Home How to remove last few characters from each row/column from pandas (python) dataframe?

Questions

How to remove last few characters from each row/column from pandas (python) dataframe?

November 22, 2021

I have a dataset with lots of variation in format like this.

    -0.002672945<120>
    -0.077635566{600}
    5.88365537e-005{500}
   -0.116441565{1}
   -4.549649974<29.448>

There are all kinds of variety in the end of the values, I need to remove all those weird brackets, problem is sometimes they are 3 characters, some times 6, etc. I also cannot just take first few characters as there are scientific notation numbers such as 8.645637e-007 like this.

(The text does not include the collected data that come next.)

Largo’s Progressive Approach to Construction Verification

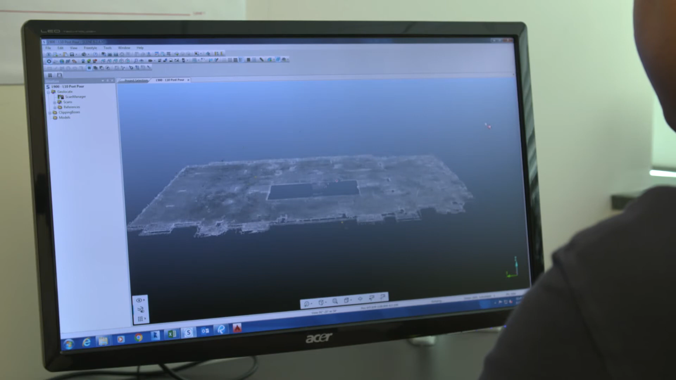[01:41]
From there we use the rhythm applications which are called Builder and Inspector.
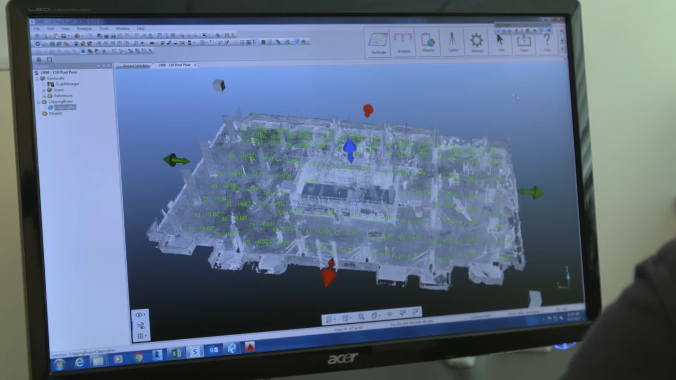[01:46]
And with those we're able to produce a deliverable.
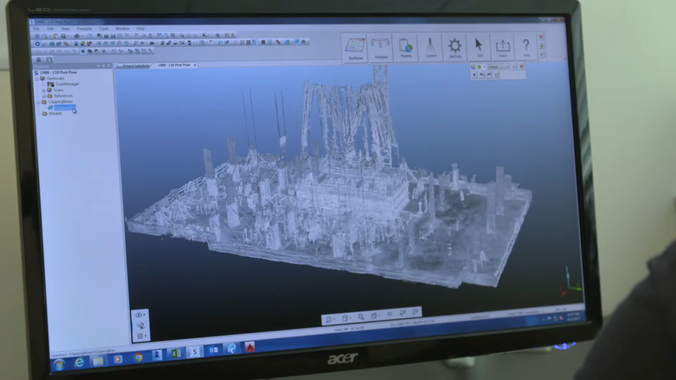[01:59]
But the Ferro scanner can also check the flatness using the Inspector app.

Is there a smart way to clear this kind of mess from data?

>Solution :

>>> df = pd.DataFrame({"x": [
... "-0.002672945<120>",
... "-0.077635566{600}",
... "5.88365537e-005{500}",
... "-0.116441565{1}",
... "-4.549649974<29.448>",
... ]})
>>> df["x"].replace(r"[<{].+$", "", regex=True)
0       -0.002672945
1       -0.077635566
2    5.88365537e-005
3       -0.116441565
4       -4.549649974
Name: x, dtype: object
>>>

You can assign that result back into the df then.